> **Assignment**
Go through the records and extract every line with the word "text".

Records excerpted from a collection
<<<<

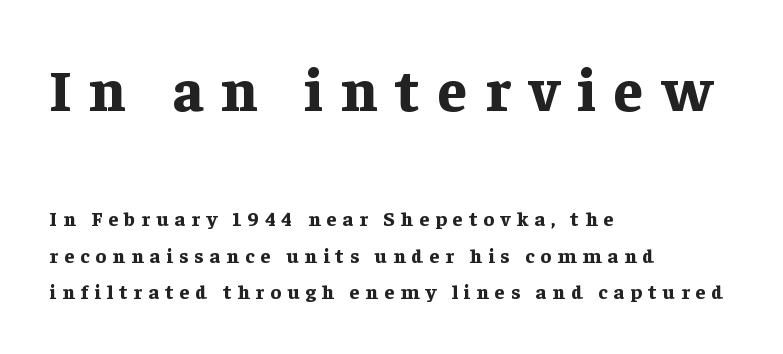
Q: Is the text bold? A: Yes.
Q: Is the text italic (slanted)? A: No, it is upright.
Q: Is the typeface a serif or a sans-serif typeface? A: Serif.
Q: Is the text underlined? A: No.
Q: How is the paragraph aligned? A: Left-aligned.
Q: Is the spacing between letters normal or unusually wide? A: Unusually wide.
Q: Which block of text is set in a larger size, the first (top) or the second (bottom)? A: The first (top) one.
Q: Width (condensed, normal, or wide)? A: Normal.
Q: Stroke contrast? A: Low.
Q: x-height? A: Medium.
Q: Monospaced? A: No.
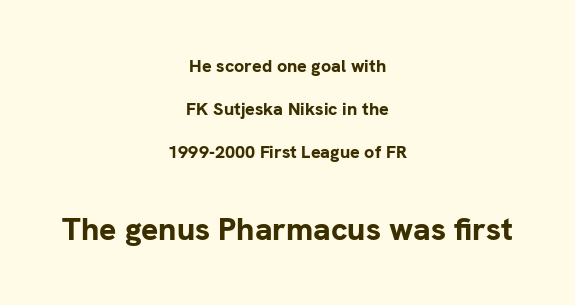
In terms of letterform style, serifs are entirely absent. The rendering uses natural spacing where letterforms have individual widths. This is the regular roman posture of the typeface. If you measured baseline to baseline, you'd find a long distance. Inter-character spacing is left at the font's built-in metrics.
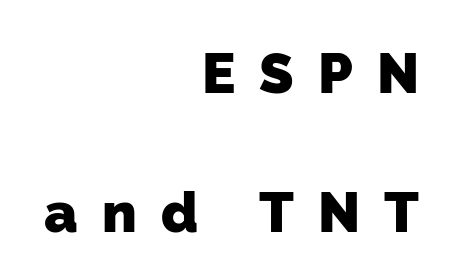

>>>>

> **Solution to this problem**
Q: Is the text bold? A: Yes.
Q: Is the text italic (slanted)? A: No, it is upright.
Q: Is the text underlined? A: No.
Q: Which block of text is set in a larger size, the first (top) or the second (bottom)? A: The first (top) one.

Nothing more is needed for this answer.